_DATASET_.
· · · ·
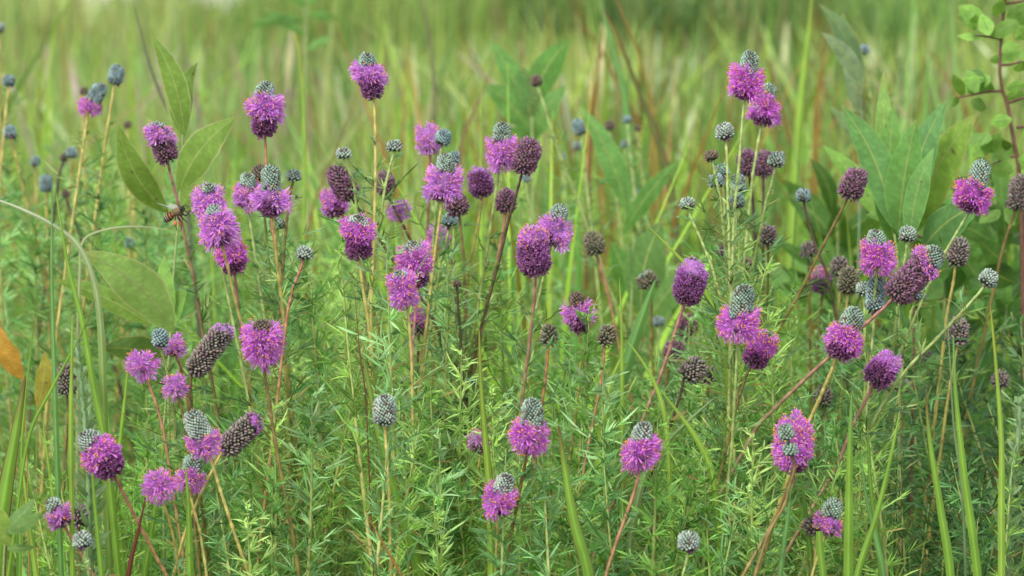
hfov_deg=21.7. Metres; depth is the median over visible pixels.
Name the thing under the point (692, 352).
· · · ·
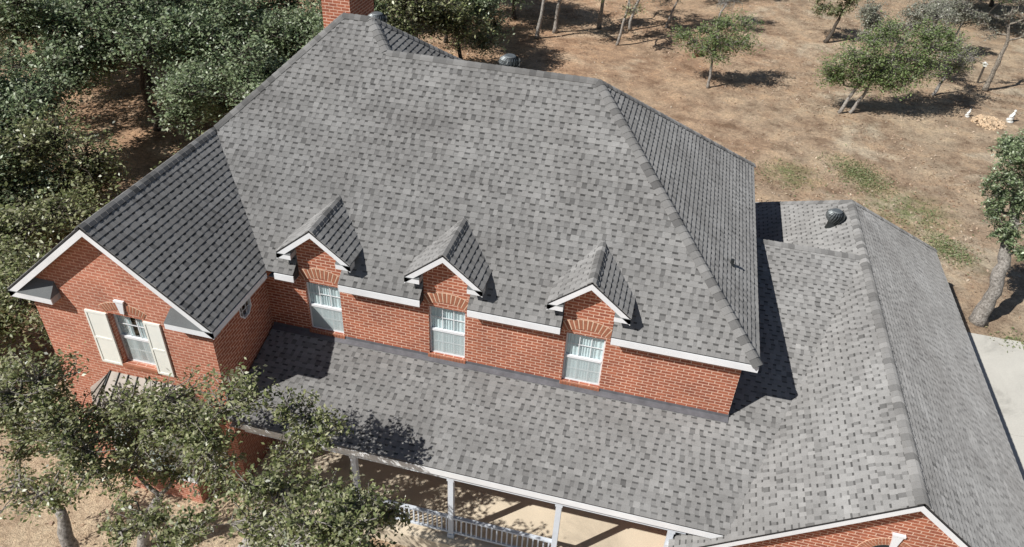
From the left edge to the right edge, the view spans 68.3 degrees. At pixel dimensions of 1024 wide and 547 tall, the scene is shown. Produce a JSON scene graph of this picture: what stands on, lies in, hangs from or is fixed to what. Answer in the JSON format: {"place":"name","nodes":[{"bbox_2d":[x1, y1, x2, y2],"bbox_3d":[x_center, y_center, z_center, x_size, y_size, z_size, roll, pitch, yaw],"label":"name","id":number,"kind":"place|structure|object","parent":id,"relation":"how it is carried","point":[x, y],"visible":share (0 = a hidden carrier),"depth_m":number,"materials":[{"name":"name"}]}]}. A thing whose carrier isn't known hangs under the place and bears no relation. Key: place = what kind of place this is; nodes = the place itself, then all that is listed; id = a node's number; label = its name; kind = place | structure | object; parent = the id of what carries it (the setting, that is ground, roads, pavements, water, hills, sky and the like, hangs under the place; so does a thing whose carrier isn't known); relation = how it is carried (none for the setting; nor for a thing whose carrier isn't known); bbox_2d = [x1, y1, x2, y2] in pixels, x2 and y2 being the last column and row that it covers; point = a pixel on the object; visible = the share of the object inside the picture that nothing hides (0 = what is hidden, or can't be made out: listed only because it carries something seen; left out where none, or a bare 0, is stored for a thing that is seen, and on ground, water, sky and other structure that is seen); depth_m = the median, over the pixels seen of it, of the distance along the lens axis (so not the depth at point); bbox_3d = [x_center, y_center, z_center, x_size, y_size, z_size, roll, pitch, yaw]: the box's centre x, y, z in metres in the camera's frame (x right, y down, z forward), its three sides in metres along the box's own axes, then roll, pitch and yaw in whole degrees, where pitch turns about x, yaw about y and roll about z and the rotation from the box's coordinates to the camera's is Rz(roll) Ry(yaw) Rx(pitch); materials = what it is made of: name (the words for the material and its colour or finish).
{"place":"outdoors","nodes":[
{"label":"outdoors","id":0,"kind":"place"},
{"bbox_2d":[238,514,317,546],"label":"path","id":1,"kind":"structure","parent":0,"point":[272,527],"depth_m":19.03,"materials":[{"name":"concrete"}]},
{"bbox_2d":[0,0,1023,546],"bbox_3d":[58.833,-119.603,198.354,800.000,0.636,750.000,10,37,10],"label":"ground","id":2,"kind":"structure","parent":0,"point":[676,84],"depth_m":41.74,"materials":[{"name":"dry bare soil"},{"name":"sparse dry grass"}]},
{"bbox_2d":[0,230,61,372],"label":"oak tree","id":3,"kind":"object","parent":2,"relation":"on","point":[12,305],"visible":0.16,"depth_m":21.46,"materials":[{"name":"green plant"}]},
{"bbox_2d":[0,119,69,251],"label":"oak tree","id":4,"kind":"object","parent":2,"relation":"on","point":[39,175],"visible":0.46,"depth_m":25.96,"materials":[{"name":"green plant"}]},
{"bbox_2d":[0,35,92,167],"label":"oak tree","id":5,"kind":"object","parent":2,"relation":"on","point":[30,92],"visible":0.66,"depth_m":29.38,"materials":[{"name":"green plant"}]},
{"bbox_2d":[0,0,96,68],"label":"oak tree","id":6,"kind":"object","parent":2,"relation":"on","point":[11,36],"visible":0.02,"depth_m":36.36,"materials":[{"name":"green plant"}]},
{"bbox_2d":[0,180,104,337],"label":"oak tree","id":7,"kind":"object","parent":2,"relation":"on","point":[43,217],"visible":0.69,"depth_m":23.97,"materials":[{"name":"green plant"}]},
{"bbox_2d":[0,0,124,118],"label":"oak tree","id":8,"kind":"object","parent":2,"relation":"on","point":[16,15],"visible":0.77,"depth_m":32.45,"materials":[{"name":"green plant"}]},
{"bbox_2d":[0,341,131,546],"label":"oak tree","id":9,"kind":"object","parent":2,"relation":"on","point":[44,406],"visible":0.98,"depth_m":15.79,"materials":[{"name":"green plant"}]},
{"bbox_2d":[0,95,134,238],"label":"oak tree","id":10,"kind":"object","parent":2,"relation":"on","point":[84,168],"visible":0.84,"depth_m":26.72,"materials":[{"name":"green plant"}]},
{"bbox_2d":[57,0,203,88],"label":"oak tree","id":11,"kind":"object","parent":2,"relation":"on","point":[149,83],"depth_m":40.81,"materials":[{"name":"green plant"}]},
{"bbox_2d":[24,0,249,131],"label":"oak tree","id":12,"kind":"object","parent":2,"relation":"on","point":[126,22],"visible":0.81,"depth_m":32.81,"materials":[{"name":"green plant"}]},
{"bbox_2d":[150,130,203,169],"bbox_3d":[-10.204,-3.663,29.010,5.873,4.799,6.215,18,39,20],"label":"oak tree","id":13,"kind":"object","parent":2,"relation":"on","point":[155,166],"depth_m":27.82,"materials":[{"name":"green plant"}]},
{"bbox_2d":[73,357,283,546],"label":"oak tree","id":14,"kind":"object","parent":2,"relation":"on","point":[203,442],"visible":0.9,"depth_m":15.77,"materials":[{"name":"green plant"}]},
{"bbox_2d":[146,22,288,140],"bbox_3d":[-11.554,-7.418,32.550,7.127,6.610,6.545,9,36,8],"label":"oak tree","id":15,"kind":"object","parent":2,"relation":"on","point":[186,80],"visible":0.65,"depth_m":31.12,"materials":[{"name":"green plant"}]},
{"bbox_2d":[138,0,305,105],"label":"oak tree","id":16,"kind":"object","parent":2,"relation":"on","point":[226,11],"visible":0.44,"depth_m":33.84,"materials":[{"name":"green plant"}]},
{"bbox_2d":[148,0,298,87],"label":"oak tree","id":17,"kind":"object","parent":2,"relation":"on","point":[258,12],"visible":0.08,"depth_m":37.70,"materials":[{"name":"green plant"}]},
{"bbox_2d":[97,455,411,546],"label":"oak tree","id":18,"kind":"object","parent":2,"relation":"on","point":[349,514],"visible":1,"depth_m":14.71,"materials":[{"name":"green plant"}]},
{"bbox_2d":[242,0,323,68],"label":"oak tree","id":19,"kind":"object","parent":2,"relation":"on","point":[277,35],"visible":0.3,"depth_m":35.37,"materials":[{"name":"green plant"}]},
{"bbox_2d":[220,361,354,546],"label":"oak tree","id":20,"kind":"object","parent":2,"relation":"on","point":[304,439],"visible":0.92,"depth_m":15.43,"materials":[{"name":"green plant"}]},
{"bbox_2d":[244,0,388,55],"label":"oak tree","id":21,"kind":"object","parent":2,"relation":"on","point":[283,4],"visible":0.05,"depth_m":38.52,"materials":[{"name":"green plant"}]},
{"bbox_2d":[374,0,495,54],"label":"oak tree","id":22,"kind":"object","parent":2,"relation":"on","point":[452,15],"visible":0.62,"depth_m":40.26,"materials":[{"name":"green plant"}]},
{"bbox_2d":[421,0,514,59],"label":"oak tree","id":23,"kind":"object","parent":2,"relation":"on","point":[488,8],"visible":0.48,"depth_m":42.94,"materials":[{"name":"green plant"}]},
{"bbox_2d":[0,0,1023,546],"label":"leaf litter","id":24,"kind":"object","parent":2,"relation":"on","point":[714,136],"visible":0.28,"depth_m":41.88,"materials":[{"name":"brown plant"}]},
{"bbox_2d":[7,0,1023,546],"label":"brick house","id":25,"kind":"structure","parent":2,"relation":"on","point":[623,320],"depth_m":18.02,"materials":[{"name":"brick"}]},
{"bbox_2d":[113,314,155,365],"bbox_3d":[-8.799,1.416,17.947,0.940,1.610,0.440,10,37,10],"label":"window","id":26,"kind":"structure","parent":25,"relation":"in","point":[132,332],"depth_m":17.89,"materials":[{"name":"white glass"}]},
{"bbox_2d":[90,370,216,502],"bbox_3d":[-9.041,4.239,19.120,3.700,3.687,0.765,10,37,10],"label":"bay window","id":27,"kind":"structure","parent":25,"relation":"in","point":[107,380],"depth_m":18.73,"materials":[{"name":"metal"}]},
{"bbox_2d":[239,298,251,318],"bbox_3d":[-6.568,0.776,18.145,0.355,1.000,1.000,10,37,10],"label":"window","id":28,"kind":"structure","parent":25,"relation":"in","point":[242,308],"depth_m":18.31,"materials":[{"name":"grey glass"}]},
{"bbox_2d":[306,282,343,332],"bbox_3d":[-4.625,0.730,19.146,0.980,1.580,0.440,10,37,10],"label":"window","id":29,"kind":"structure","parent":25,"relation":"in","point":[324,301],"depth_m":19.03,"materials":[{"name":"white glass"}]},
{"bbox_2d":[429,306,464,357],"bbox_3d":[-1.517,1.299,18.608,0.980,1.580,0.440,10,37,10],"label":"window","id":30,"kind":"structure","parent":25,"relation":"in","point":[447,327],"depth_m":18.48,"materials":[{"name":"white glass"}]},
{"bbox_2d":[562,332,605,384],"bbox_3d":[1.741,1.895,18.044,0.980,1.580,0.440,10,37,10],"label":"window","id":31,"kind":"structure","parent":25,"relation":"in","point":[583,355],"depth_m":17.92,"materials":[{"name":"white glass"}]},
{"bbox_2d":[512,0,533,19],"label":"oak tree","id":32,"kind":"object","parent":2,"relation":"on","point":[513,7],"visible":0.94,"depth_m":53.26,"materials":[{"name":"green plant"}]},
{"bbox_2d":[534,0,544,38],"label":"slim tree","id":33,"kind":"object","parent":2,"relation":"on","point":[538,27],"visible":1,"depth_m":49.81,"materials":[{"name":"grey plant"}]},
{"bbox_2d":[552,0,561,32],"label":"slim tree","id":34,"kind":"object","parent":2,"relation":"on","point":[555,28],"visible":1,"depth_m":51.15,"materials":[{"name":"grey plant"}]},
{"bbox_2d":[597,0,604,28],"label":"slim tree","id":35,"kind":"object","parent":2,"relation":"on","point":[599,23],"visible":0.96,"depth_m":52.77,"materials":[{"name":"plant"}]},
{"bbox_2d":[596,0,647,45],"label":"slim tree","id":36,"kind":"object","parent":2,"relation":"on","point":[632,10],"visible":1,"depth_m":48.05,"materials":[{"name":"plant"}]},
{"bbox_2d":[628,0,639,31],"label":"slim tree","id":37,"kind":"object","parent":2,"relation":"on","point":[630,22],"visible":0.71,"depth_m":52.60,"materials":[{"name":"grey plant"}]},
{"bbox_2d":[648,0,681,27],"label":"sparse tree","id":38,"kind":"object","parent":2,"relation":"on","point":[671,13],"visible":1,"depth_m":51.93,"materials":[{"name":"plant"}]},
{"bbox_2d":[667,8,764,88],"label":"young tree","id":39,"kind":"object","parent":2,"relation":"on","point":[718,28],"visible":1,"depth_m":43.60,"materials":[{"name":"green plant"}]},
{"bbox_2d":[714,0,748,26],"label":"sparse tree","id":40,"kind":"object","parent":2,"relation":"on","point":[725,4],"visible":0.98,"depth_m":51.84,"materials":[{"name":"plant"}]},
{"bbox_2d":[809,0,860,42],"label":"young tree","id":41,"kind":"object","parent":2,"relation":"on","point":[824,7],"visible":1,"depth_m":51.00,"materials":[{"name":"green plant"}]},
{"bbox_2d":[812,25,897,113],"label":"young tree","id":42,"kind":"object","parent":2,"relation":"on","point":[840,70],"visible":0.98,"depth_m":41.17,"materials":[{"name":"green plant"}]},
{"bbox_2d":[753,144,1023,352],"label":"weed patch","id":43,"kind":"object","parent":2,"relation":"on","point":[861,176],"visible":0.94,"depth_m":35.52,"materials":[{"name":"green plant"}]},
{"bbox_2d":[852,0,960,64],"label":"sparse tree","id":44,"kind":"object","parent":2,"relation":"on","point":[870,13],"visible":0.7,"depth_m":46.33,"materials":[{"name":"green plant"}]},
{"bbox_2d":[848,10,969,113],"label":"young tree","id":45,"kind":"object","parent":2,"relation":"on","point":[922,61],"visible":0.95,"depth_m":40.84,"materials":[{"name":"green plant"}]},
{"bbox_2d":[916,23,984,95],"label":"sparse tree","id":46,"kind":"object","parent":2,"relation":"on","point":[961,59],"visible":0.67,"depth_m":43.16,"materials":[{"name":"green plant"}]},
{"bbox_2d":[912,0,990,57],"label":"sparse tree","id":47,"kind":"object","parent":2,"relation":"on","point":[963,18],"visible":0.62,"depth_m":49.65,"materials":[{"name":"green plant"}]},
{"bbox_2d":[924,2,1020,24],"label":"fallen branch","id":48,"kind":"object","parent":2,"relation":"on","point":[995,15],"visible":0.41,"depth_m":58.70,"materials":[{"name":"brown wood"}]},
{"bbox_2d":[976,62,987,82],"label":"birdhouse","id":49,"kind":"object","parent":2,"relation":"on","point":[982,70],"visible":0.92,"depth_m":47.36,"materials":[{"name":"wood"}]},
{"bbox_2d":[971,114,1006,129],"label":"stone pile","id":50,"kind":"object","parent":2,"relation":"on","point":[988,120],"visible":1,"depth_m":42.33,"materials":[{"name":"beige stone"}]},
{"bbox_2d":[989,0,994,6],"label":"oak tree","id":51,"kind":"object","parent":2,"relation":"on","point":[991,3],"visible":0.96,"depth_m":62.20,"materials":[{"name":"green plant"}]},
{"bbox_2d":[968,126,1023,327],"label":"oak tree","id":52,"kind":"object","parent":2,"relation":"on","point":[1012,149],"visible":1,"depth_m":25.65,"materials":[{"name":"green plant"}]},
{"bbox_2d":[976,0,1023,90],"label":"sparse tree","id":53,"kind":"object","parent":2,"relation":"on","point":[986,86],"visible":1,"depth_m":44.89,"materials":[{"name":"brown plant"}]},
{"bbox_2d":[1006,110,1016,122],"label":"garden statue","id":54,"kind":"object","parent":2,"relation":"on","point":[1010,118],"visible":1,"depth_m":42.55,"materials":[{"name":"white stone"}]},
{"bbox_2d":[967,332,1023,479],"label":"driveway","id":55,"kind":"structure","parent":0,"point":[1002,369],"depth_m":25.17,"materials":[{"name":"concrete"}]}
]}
· · · ·
Quote the listing above, but only from the line that shows "hfov_deg=21.7. Metres; depth" through the line that shows "Name the thing under the point (692, 352).".

hfov_deg=21.7. Metres; depth is the median over visible pixels.
Name the thing under the point (692, 352).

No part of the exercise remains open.